Python - Find unique words in Text File
Python - Find unique words in Text File
Finding unique words in a text file requires text cleaning, finding the words, and then finding the unique.
In this tutorial, we will learn how to find unique words in a text file.
Steps to find unique words
To find unique words in a text file, follow these steps.
- Read text file in read mode.
- Convert text to lower case or upper case. We do not want 'apple' to be different from 'Apple'.
- Split file contents into list of words.
- Clean the words that are infested with punctuation marks. Something like stripping the words from full-stops, commas, etc.
- Also, remove apostrophe-s 's.
- You may also add more text cleaning steps here.
- Now find the unique words in the list using a Python For Loop and Python Membership Operator.
- After finding unique words, sort them for presentation.
In the text cleaning, you can also remove helping verbs, etc.
Example 1: Find unique words in text file
Now, we will put all the above mentioned steps into working using a Python program.
Consider that we are taking the following text file.
Apple is a very big company. An apple a day keeps doctor away. A big fat cat came across the road beside doctor's office.
The doctor owns apple device.
Python Program
text_file = open('data.txt', 'r')
text = text_file.read()
#cleaning
text = text.lower()
words = text.split()
words = [word.strip('.,!;()[]') for word in words]
words = [word.replace("'s", '') for word in words]
#finding unique
unique = []
for word in words:
if word not in unique:
unique.append(word)
#sort
unique.sort()
#print
print(unique)
Output
['a', 'across', 'an', 'apple', 'away', 'beside', 'big', 'came', 'cat', 'company', 'day', 'device', 'doctor', 'fat', 'is', 'keeps', 'office', 'owns', 'road', 'the', 'very']

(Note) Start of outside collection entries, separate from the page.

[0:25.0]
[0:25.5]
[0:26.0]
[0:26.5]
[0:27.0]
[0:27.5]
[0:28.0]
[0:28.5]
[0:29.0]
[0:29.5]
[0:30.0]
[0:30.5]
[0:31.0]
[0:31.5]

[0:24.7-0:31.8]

Translation of Steps into Python Code
Following is the list of Python concepts we used in the above program to find the unique words.

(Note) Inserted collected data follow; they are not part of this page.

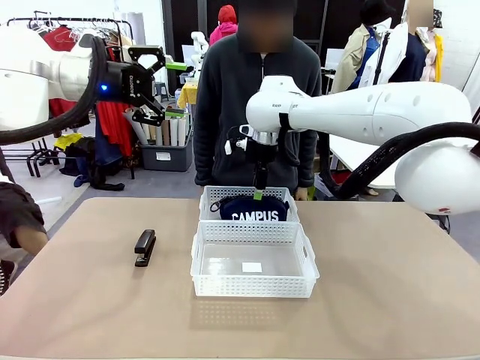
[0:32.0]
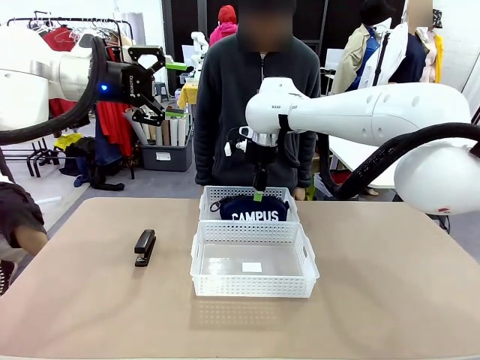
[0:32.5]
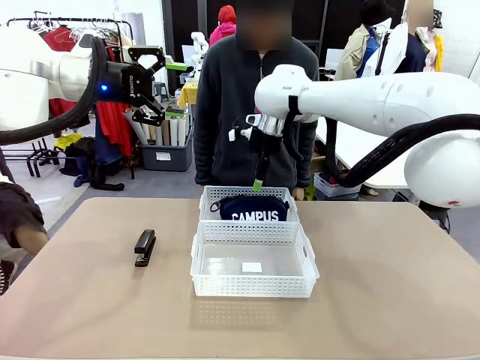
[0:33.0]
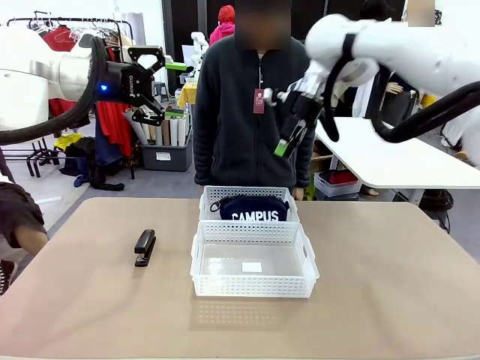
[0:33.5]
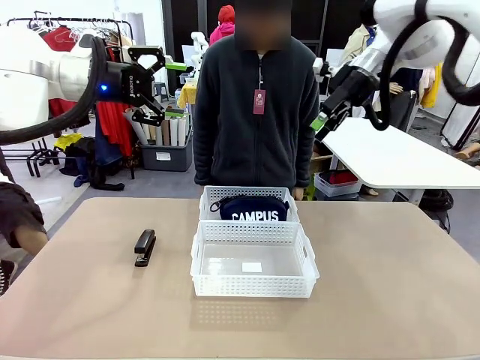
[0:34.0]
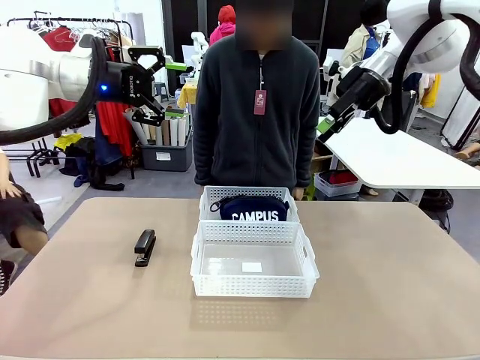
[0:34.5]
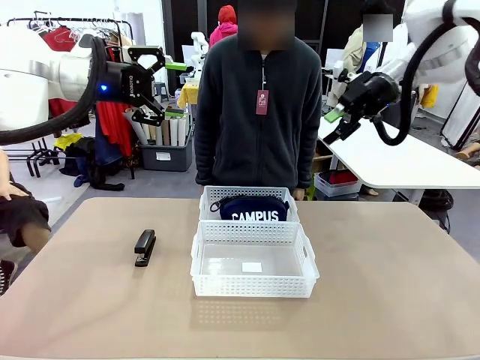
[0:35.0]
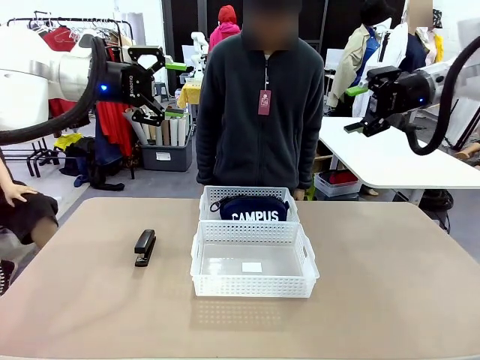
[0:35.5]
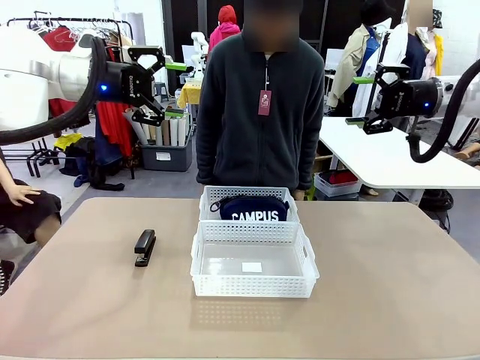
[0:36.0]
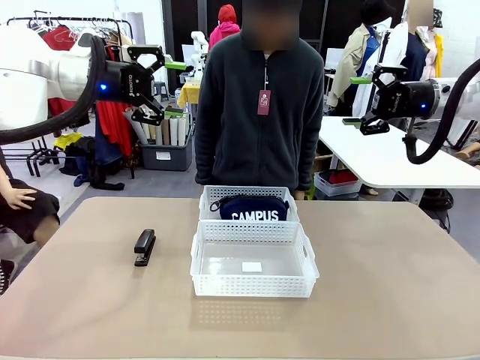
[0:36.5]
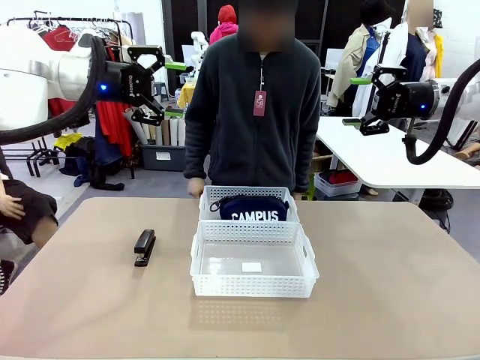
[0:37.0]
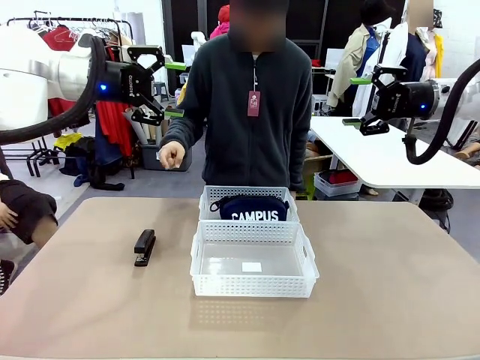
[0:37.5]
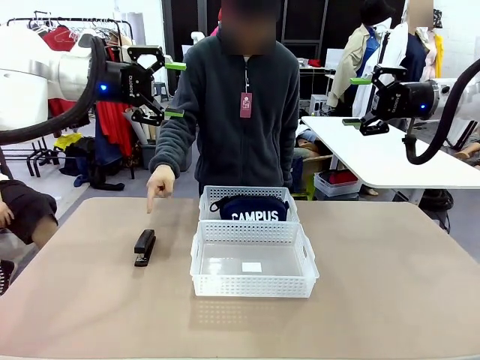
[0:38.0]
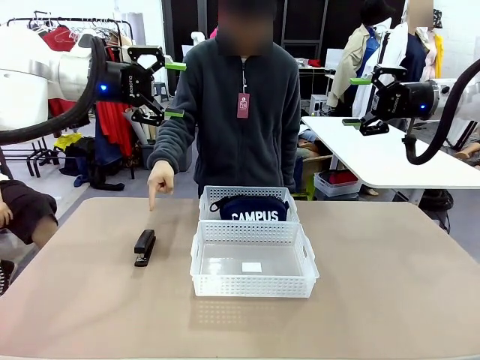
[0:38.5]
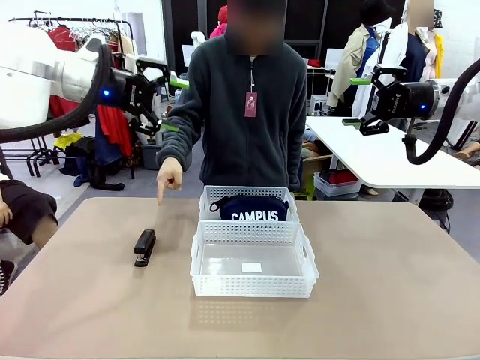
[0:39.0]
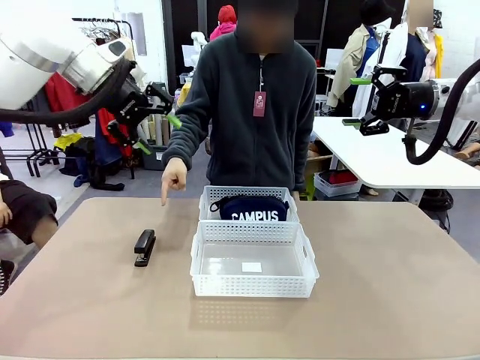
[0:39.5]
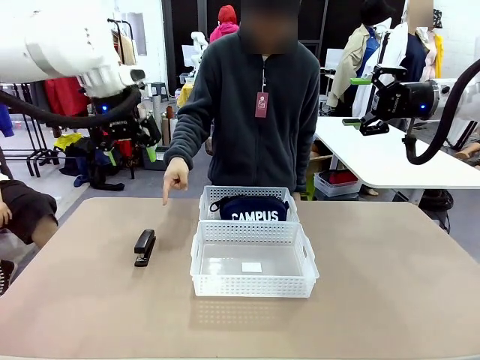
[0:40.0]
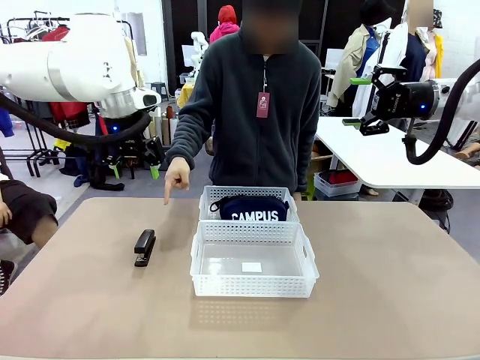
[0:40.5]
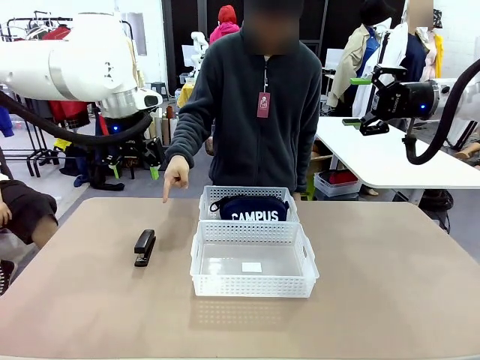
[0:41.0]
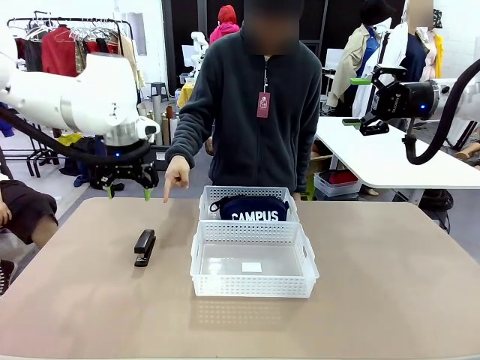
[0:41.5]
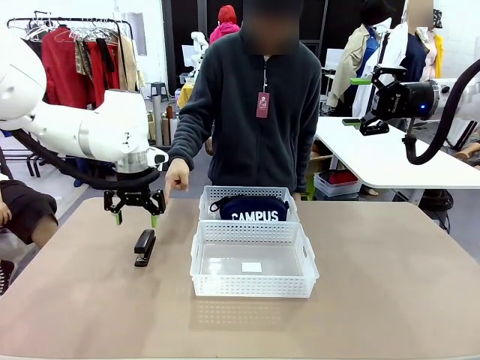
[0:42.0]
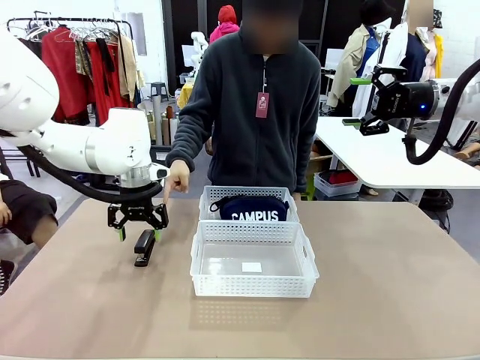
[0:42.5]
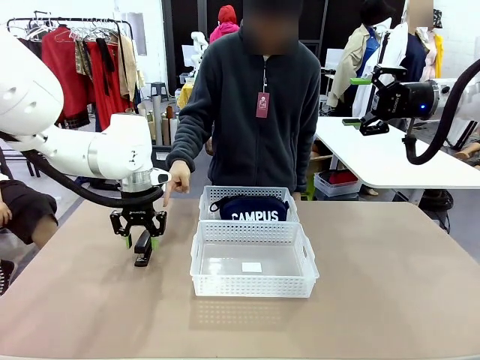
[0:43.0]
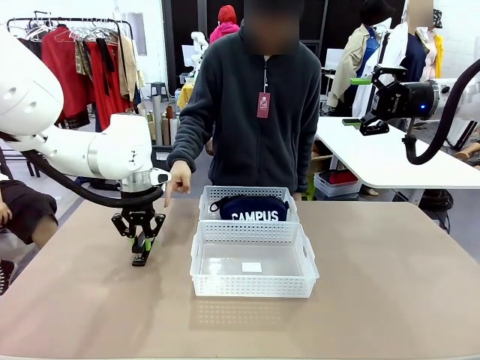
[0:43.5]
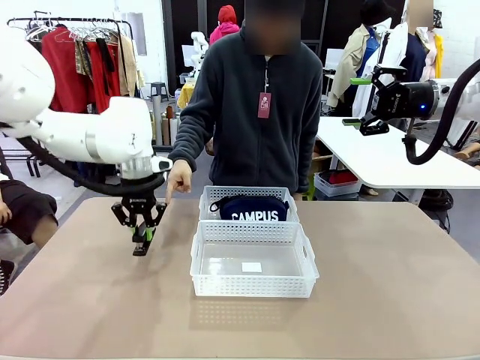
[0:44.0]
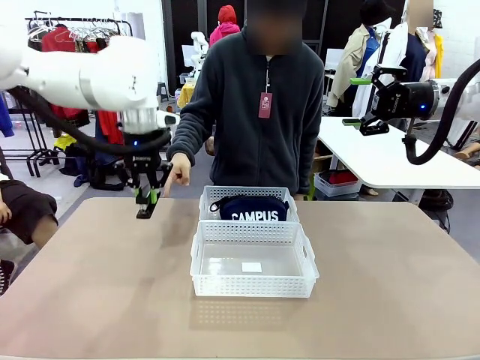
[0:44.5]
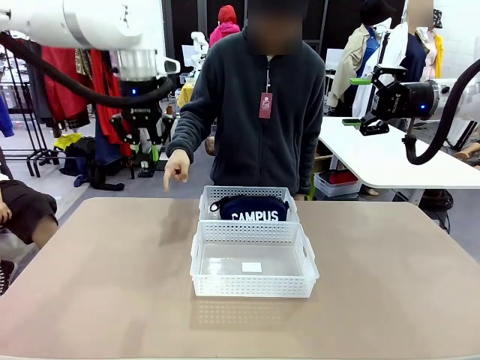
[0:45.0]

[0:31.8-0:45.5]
Robot: Pick up the Stapler that the person points to.
Person: Points to the stapler.

- open() function to get a reference to the file object.
- file.read() method to read contents of the file.
- str.lower() method to convert text to lower case.
- str.split() method to split the text into words separated by white space characters like single space, new line, tab, etc.

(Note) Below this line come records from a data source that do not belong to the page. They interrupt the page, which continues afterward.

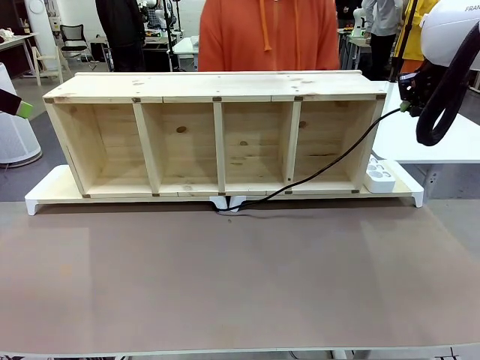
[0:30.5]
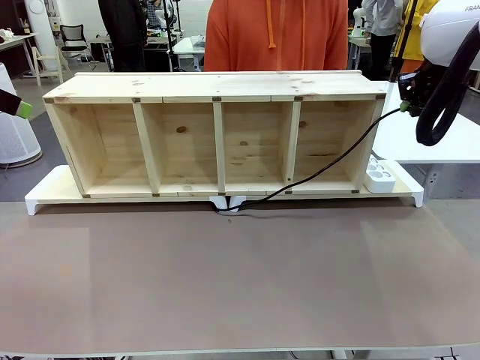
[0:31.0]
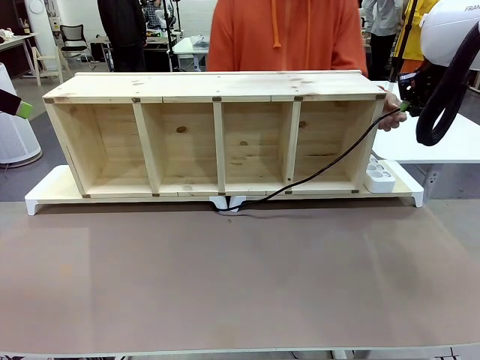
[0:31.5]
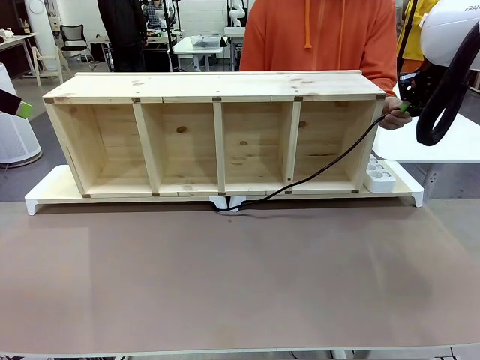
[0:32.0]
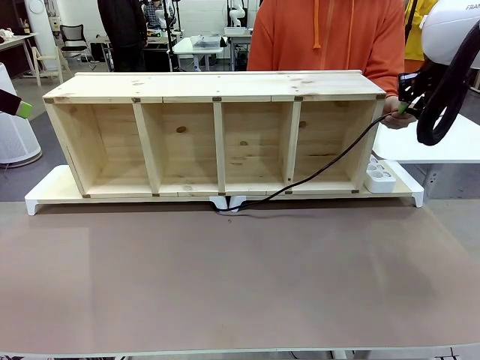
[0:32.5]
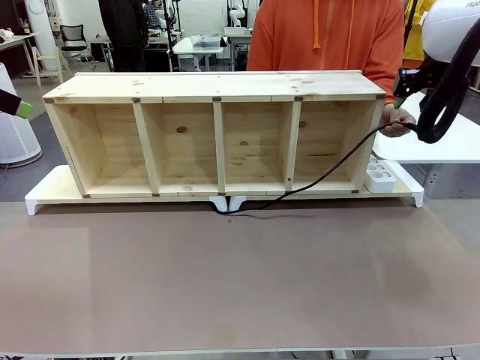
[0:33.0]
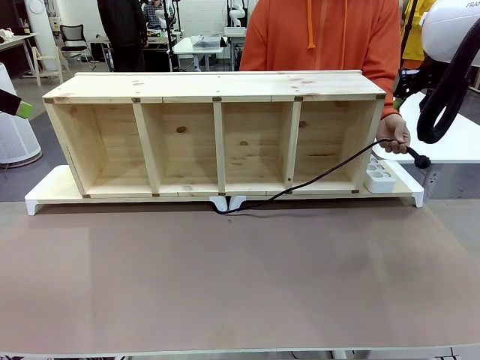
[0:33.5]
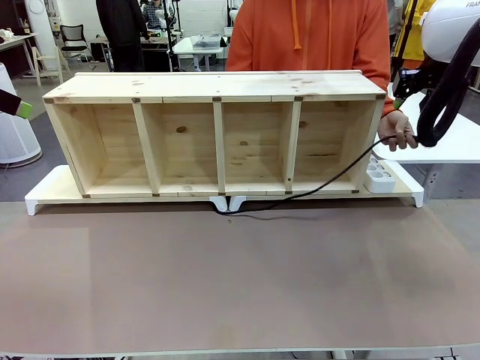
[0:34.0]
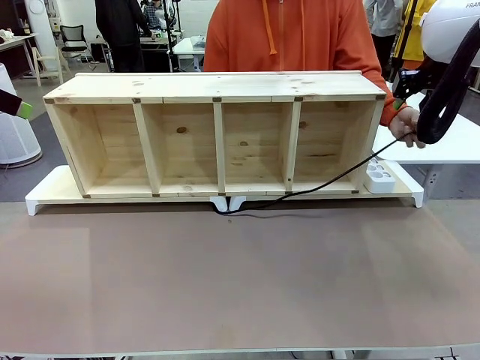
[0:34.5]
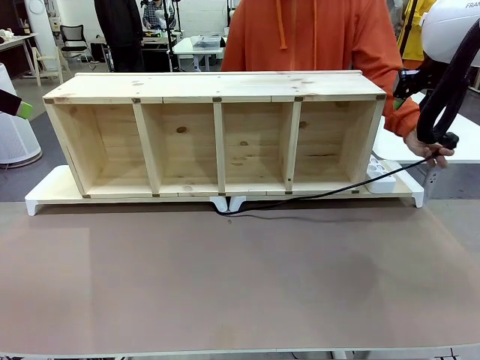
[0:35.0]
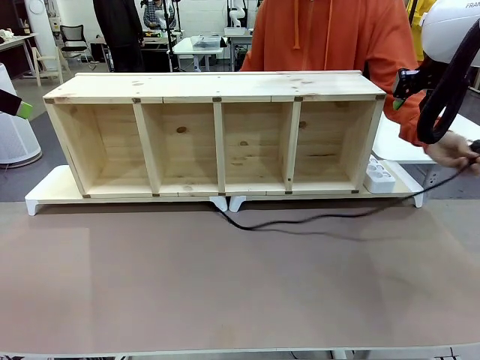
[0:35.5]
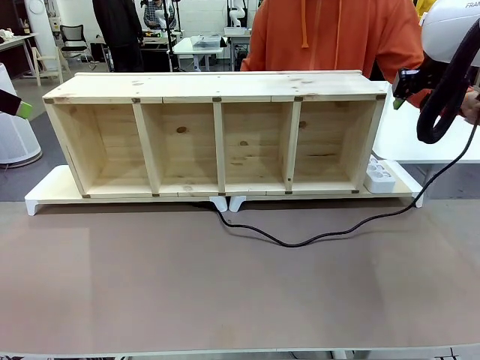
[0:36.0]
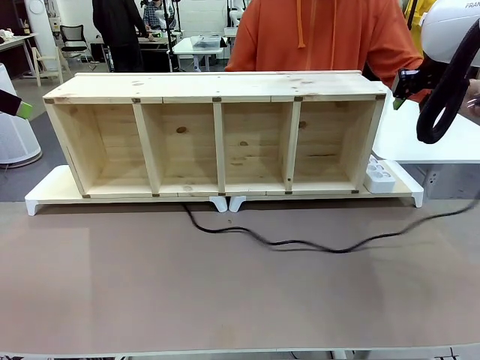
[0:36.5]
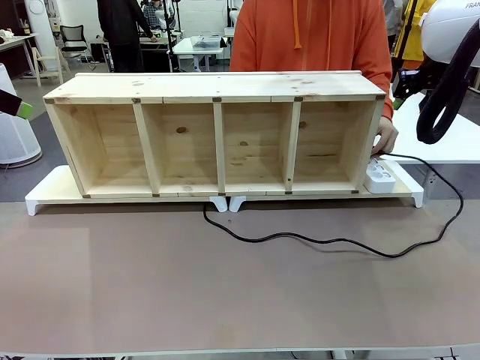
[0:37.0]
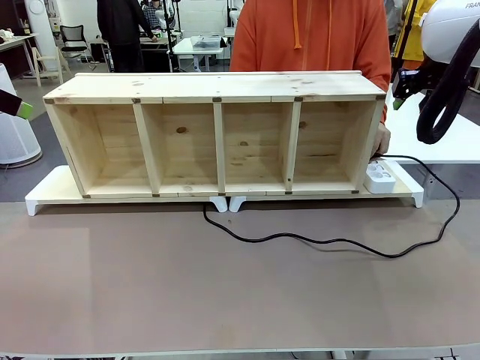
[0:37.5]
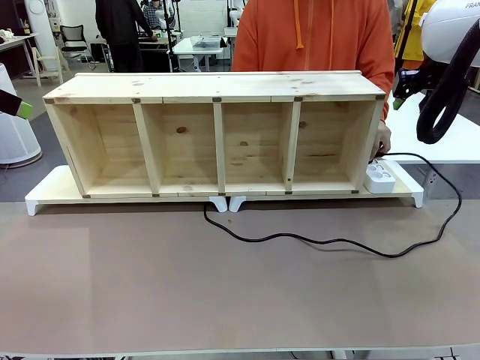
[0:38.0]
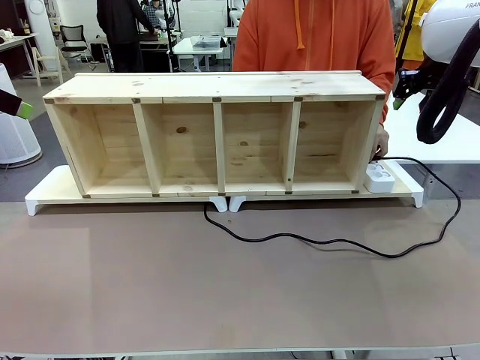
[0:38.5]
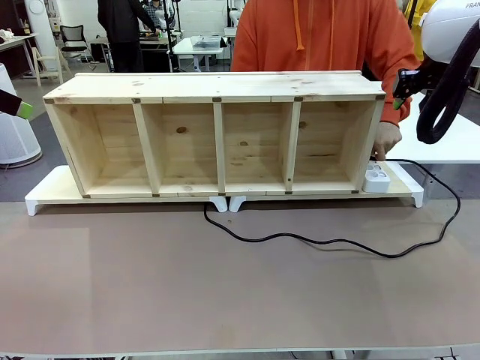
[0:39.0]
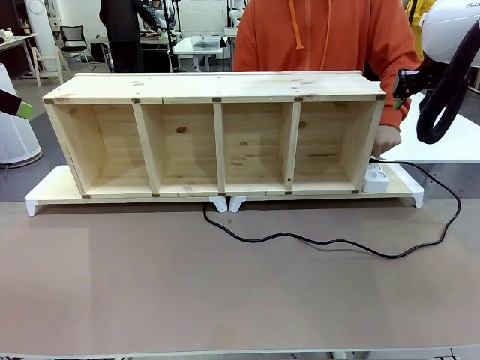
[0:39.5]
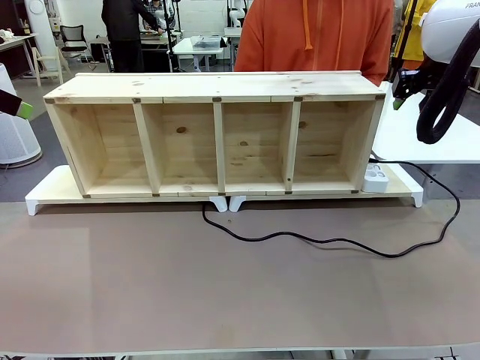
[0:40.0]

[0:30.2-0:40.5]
Task: Perform cable management.
Robot: Release the Power Cable when the human grasps it.
Person: Plug the Power Cable into the Power Strip.

- str.strip() method to strip the punctuation marks from the edges of words.
- str.replace() method to replace
's
with nothing, at the end of words. - for loop to iterate for each word in the words list.
- in - membership operator to check if the word is present in unique.
- list.append() method to append the word to unique list.
- list.sort() method to sort unique words in lexicographic ascending order.
- print() function to print the unique words list.
Summary
In this tutorial of Python Examples, we learned how to find unique words in a text file, with the help of example program.